Cervical

Late Toxicity After Adjuvant Conventional Radiation Versus Image-Guided Intensity-Modulated Radiotherapy for Cervical Cancer (PARCER): A Randomised Controlled Trial - PDF Version

Chopra S, Gupta S, Kannan S, Dora T, Engineer R, Mangaj A, Maheshwari A, Shylasree TS, Ghosh J, Paul SN, Phurailatpam R, Charnalia M, Alone M, Swamidas J, Mahantshetty U, Deodhar K, Kerkar R, Shrivastava SK.

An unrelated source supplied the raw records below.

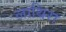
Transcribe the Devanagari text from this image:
लाथिरा
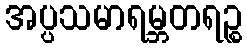
အပ္ပသမာရမ္ဘတရဉ္စ
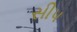
સીપ
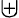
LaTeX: \uplus
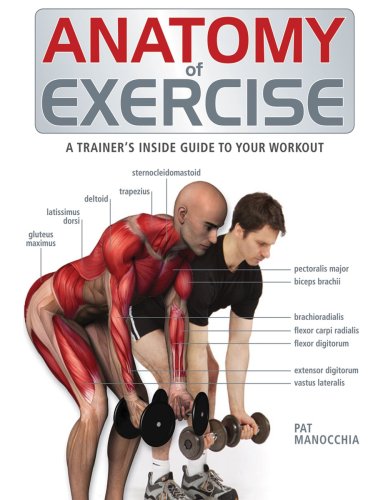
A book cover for Anatomy of Exercise: A Trainer's Inside Guide to Your Workout; Pat Manocchia; Sports & Outdoors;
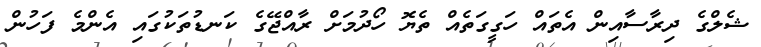
ޝެލްގެ ދިރާސާއިން އެތައް ހަގީގަތެއް ތެޔޮ ހޯދުމަށް ރާއްޖޭގެ ކަނޑުތަކުގައި އެންމެ ފަހުން
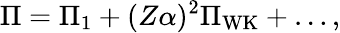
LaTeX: \Pi=\Pi_{1}+(Z\alpha)^{2}\Pi_{\mathrm{WK}}+\ldots,
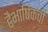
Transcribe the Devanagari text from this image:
द्वैभाषिकची
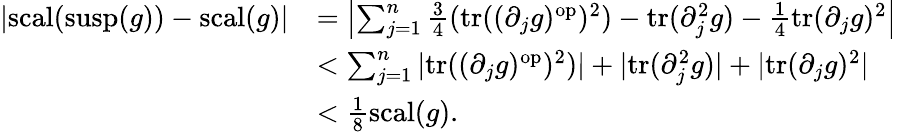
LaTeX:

J Clin Oncol. 2021 Nov 20;39(33):3682-3692. doi: 10.1200/JCO.20.02530.

PURPOSE

Postoperative Adjuvant Radiation in Cervical Cancer (PARCER), a phase III randomised trial, compared late toxicity after image-guided intensity-modulated radiotherapy (IG-IMRT) with three-dimensional conformal radiation therapy (3D-CRT) in women with cervical cancer undergoing postoperative radiation.

METHODS

Patients were randomly assigned to receive either IG-IMRT or 3D-CRT after stratification for the type of hysterectomy and use of concurrent chemotherapy. The primary end point was 3.0-year grade ≥ 2 late GI toxicity assessed using Common Toxicity Criteria for Adverse Events v 3.0 and estimated using time-to-event, intention-to-treat analysis, with a study level type I error of 0.05 and a nominal α of .047 after accounting for one interim analysis. Secondary end points included acute toxicity, health-related quality of life, and pelvic relapse-free, disease-free, and overall survival.

RESULTS

Between 2011 and 2019, 300 patients were randomly assigned (IG-IMRT 151 and 3D-CRT 149). At a median follow-up of 46 (interquartile range, 20-72) months, the 3.0-year cumulative incidence of grade ≥ 2.0 late GI toxicity in the IG-IMRT and 3D-CRT arms were 21.1% versus 42.4% (hazard ratio [HR] 0.46; 95% CI, 0.29 to 0.73; P < .001). The cumulative incidence of grade ≥ 2.0 any late toxicity was 28.1% versus 48.9% (HR 0.50; 95% CI, 0.33 to 0.76; P < .001), respectively. Patients reported reduced diarrhea (P = .04), improved appetite (P = .008), and lesser bowel symptoms (P = .002) with IG-IMRT. However, no difference was observed in the time by treatment interaction. The 3.0-year pelvic relapse-free survival and disease-free survival in the IG-IMRT versus the 3D-CRT arm were 81.8% versus 84% (HR 1.17; 95% CI, 0.68 to 1.99; P = .55) and 76.9% versus 81.2% (HR 1.03; 95% CI, 0.62 to 1.71; P = .89), respectively.

CONCLUSION

IG-IMRT results in reduced toxicity with no difference in disease outcomes.